When a stack member receives an RLQ reply from a nonstack member on a blocked interface and the reply is destined for another nonstacked switch, it forwards the reply packet, regardless of the spanning-tree interface state.
When a stack member receives an RLQ reply from a nonstack member and the response is destined for the stack, the stack member forwards the reply so that all the other stack members receive it.
If the switch discovers that it still has an alternate path to the root, it expires the maximum aging time on the interface that received the inferior BPDU. If all the alternate paths to the root switch indicate that the switch has lost connectivity to the root switch, the switch expires the maximum aging time on the interface that received the RLQ reply. If one or more alternate paths can still connect to the root switch, the switch makes all interfaces on which it received an inferior BPDU its designated ports and moves them from the blocking state (if they were in the blocking state), through the listening and learning states, and into the forwarding state.
You can use EtherChannel guard to detect an EtherChannel misconfiguration between the switch and a connected device. A misconfiguration can occur if the switch interfaces are configured in an EtherChannel, but the interfaces on the other device are not. A misconfiguration can also occur if the channel parameters are not the same at both ends of the EtherChannel.
If the switch detects a misconfiguration on the other device, EtherChannel guard places the switch interfaces in the error-disabled state, and displays an error message.
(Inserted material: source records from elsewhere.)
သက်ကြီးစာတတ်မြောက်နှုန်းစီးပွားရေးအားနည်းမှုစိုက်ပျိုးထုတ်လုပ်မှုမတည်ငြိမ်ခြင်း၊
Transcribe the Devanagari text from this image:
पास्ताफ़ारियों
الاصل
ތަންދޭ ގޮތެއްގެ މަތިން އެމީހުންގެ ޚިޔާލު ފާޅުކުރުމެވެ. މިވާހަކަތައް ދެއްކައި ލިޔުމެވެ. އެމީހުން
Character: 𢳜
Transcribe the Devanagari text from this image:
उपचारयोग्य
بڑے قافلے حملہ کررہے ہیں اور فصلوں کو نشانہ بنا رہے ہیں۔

If a switch outside the SP network becomes the root switch, the interface is blocked (root-inconsistent state), and spanning tree selects a new root switch. The customer’s switch does not become the root switch and is not in the path to the root.
If the switch is operating in multiple spanning-tree (MST) mode, root guard forces the interface to be a designated port. If a boundary port is blocked in an internal spanning-tree (IST) instance because of root guard, the interface also is blocked in all MST instances. A boundary port is an interface that connects to a LAN, the designated switch of which is either an IEEE 802.1D switch or a switch with a different MST region configuration.
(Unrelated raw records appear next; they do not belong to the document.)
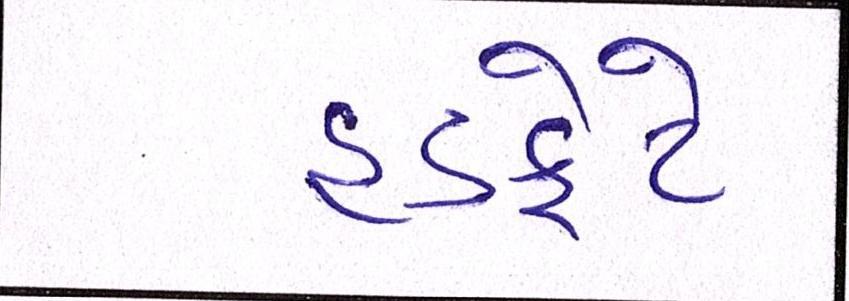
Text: હડફેટે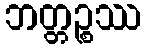
ဘတ္တဉ္စဿ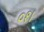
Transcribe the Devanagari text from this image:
०१।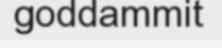
goddammit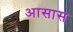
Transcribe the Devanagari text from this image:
आसास

Root guard enabled on an interface applies to all the VLANs to which the interface belongs. VLANs can be grouped and mapped to an MST instance.
Misuse of the root guard feature can cause a loss of connectivity.
You can use loop guard to prevent alternate or root ports from becoming designated ports because of a failure that leads to a unidirectional link. This feature is most effective when it is enabled on the entire switched network. Loop guard prevents alternate and root ports from becoming designated ports, and spanning tree does not send BPDUs on root or alternate ports.
When the switch is operating in PVST+ or rapid-PVST+ mode, loop guard prevents alternate and root ports from becoming designated ports, and spanning tree does not send BPDUs on root or alternate ports.
When the switch is operating in MST mode, BPDUs are not sent on nonboundary ports only if the interface is blocked by loop guard in all MST instances. On a boundary port, loop guard blocks the interface in all MST instances.